START SUPPLIED MATERIAL
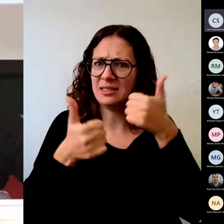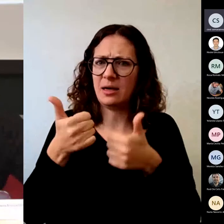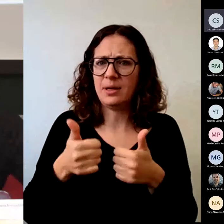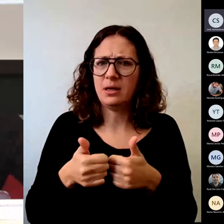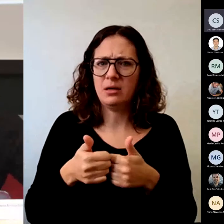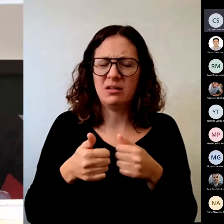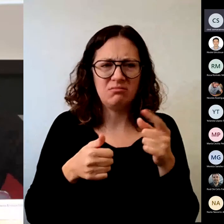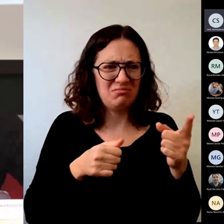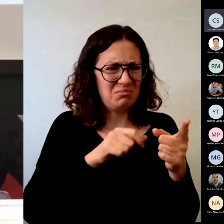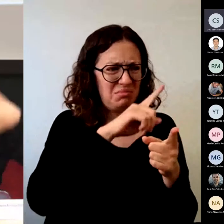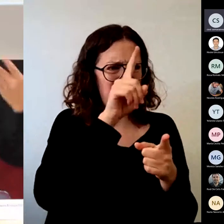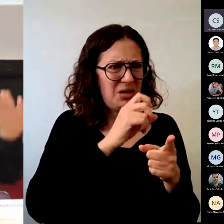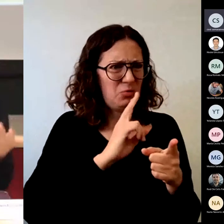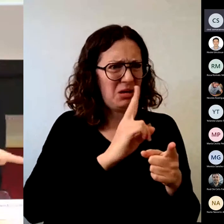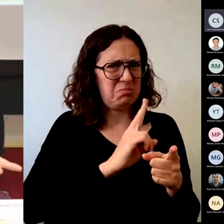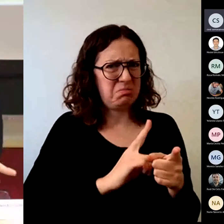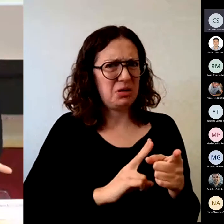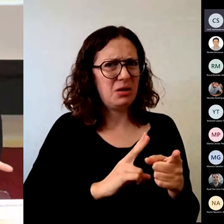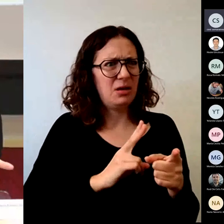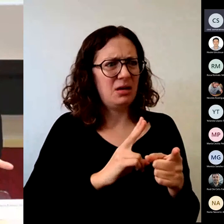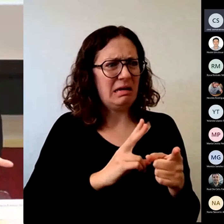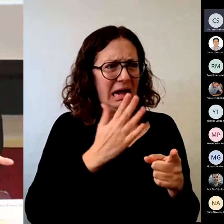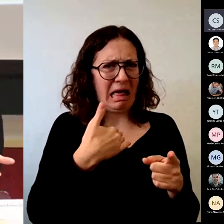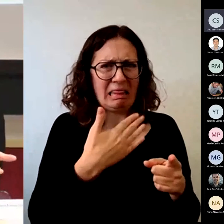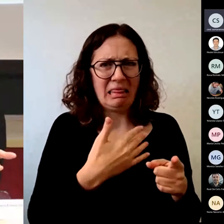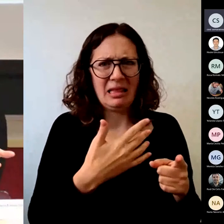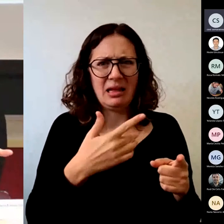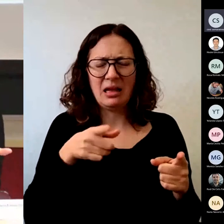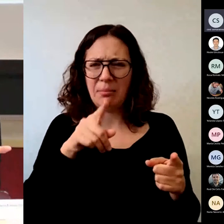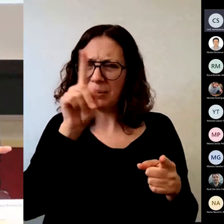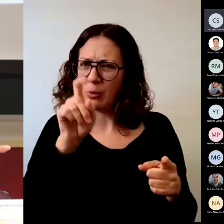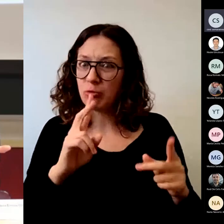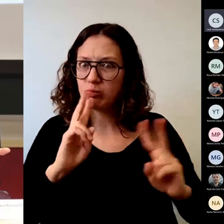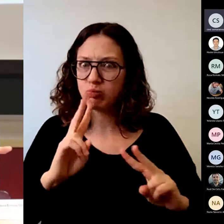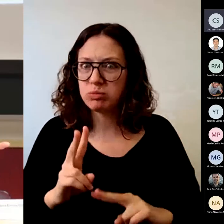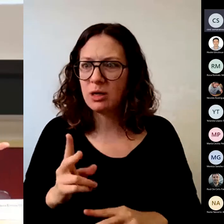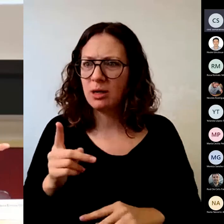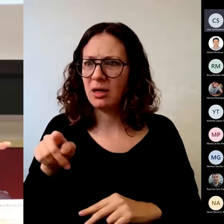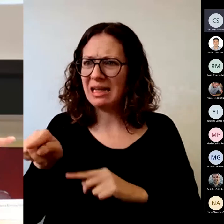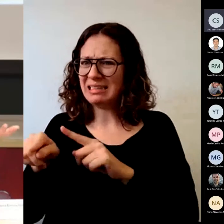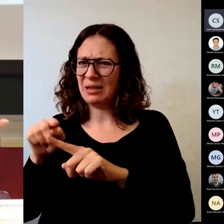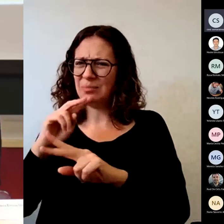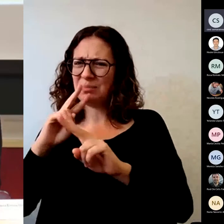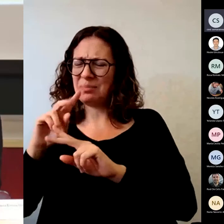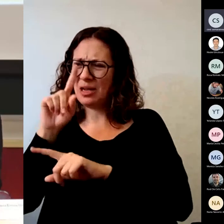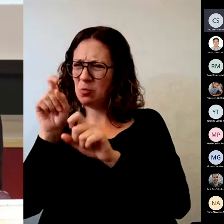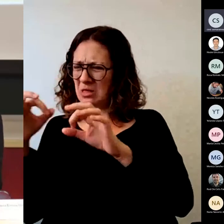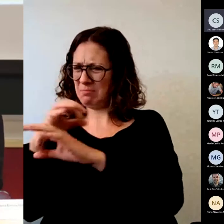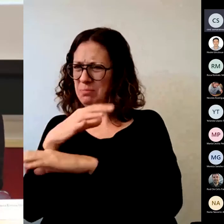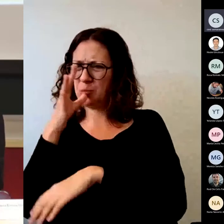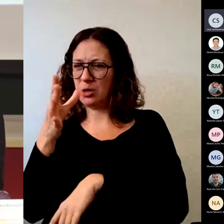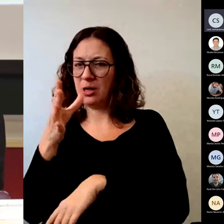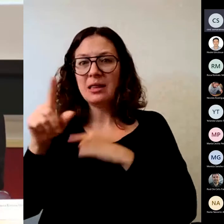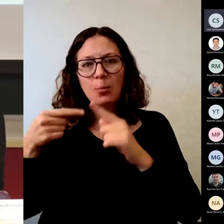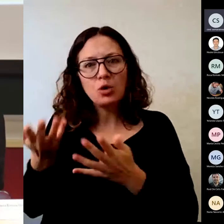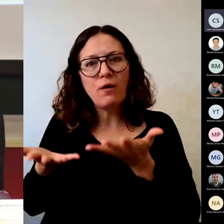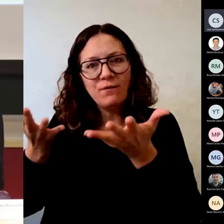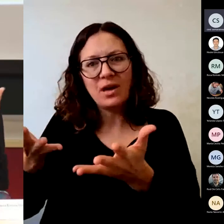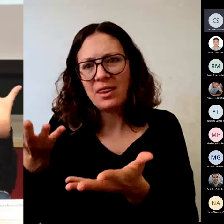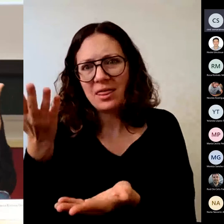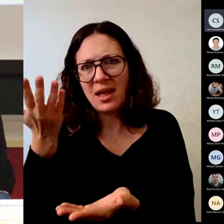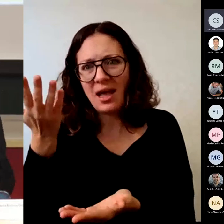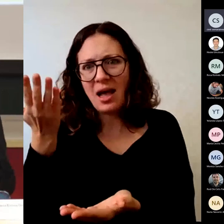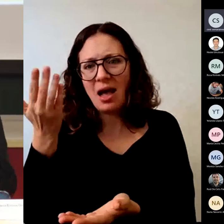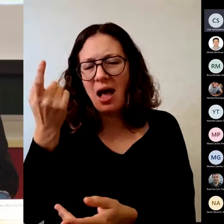este resultado más difícil pero ofrécesela a los alumnos todos los exámenes al final todos los instrumentos de evaluación
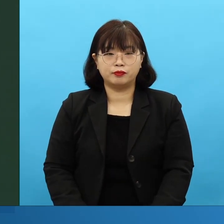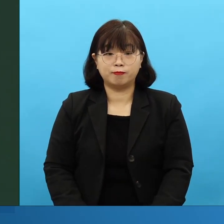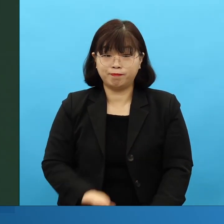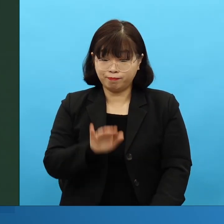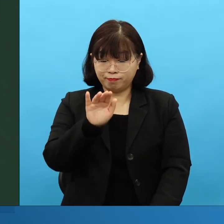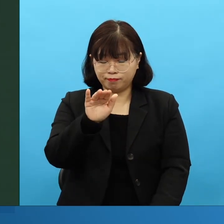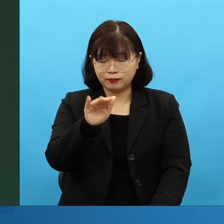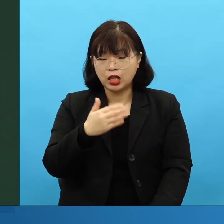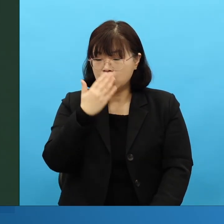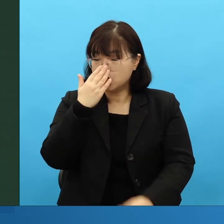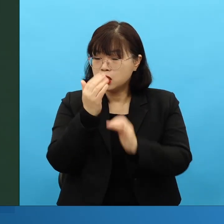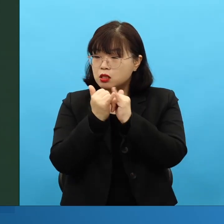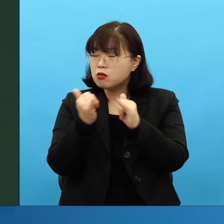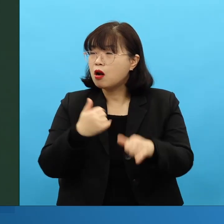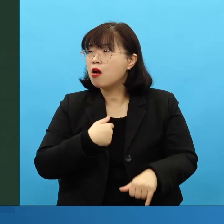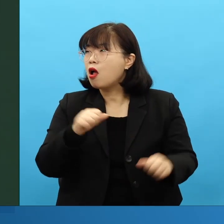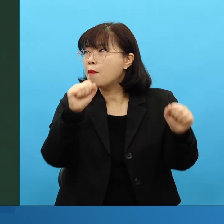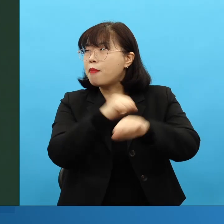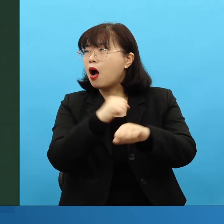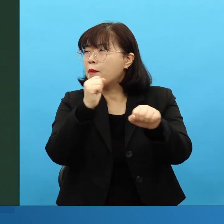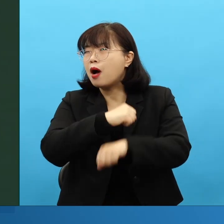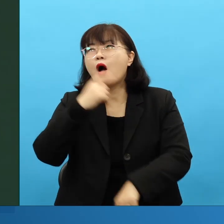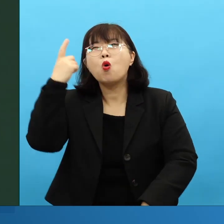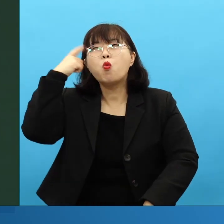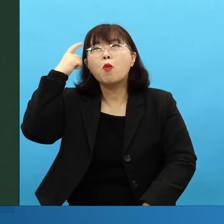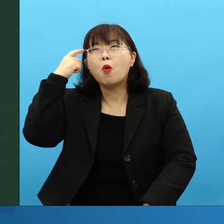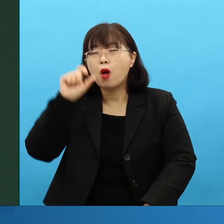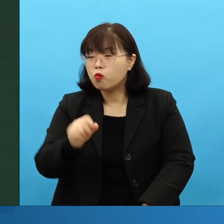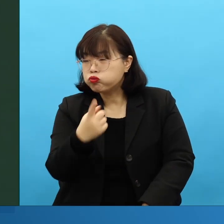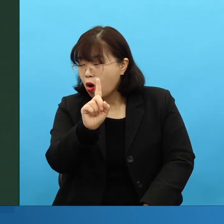그런데 하나님은 이렇게 대답했어요. 더 망할 거야.
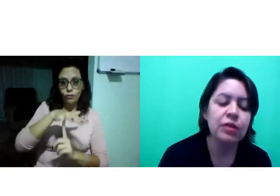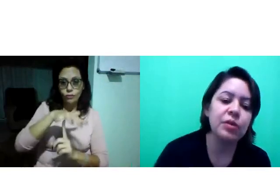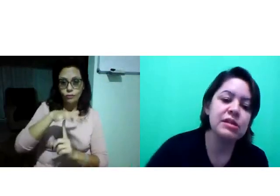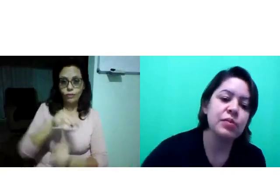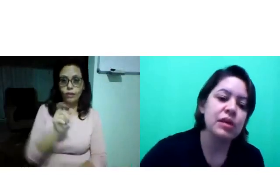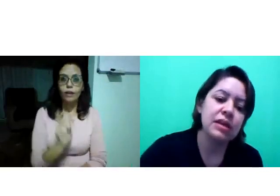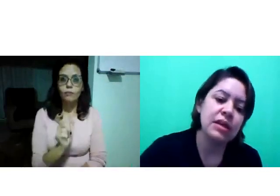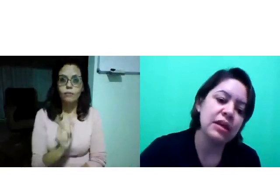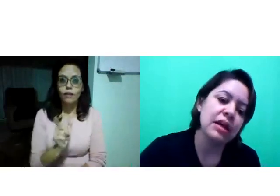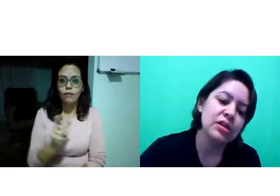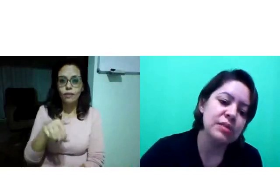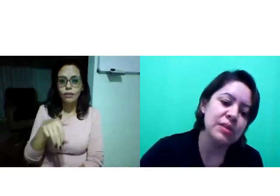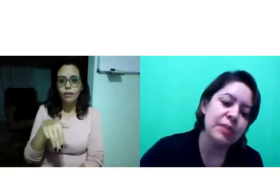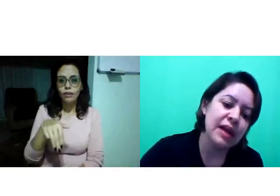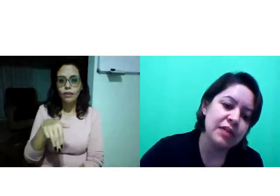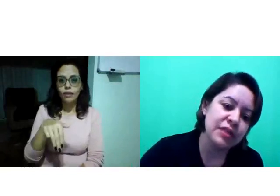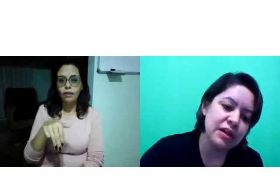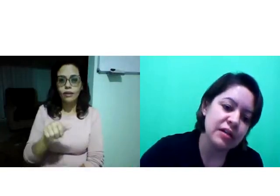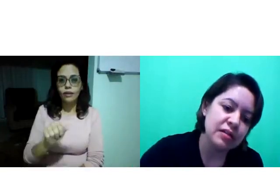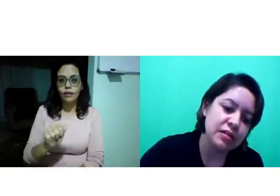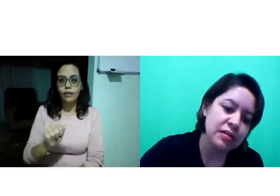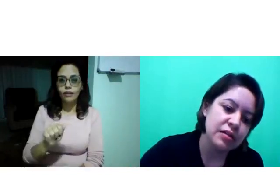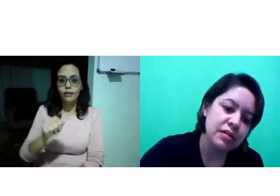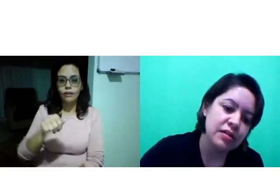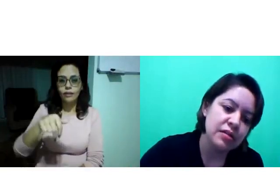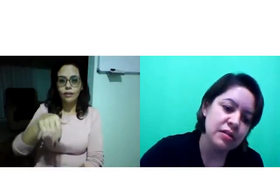Então, por exemplo, aqui, nós temos a palavra
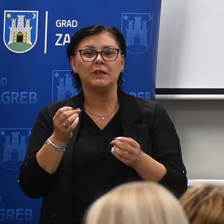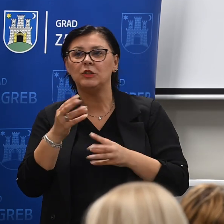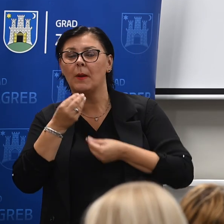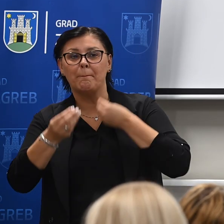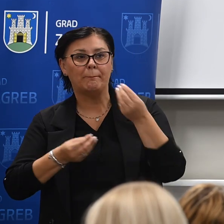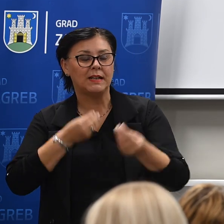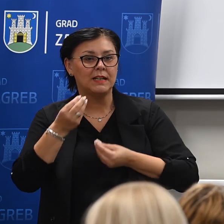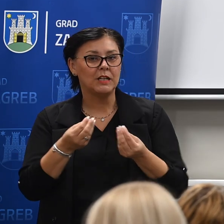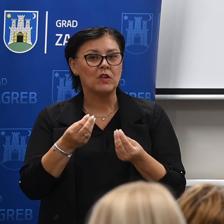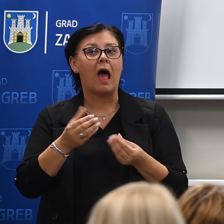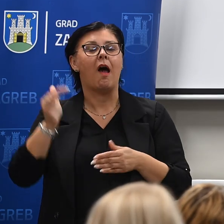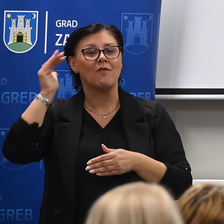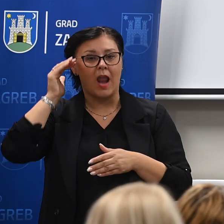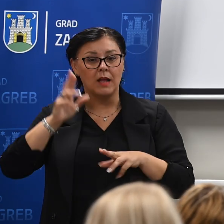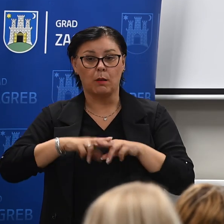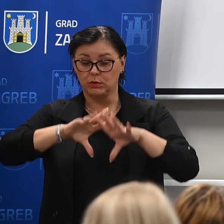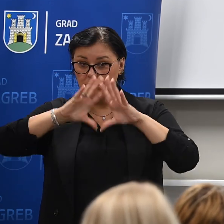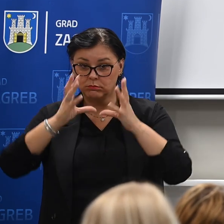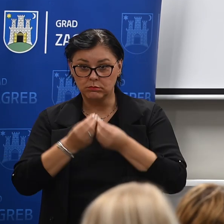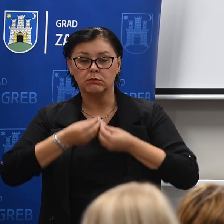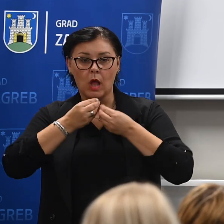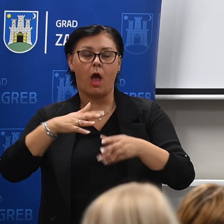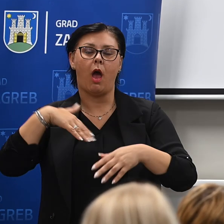kad izađe vlada sa cijelim paketom, onda ćemo moći komentirati sve.
END SUPPLIED MATERIAL
**YOUR ASSIGNMENT**
Nothing but the text of the listing should be set down, exactly, with the pictures left behind.

**TASK SOLUTION**
este resultado más difícil pero ofrécesela a los alumnos todos los exámenes al final todos los instrumentos de evaluación
그런데 하나님은 이렇게 대답했어요. 더 망할 거야.
Então, por exemplo, aqui, nós temos a palavra
kad izađe vlada sa cijelim paketom, onda ćemo moći komentirati sve.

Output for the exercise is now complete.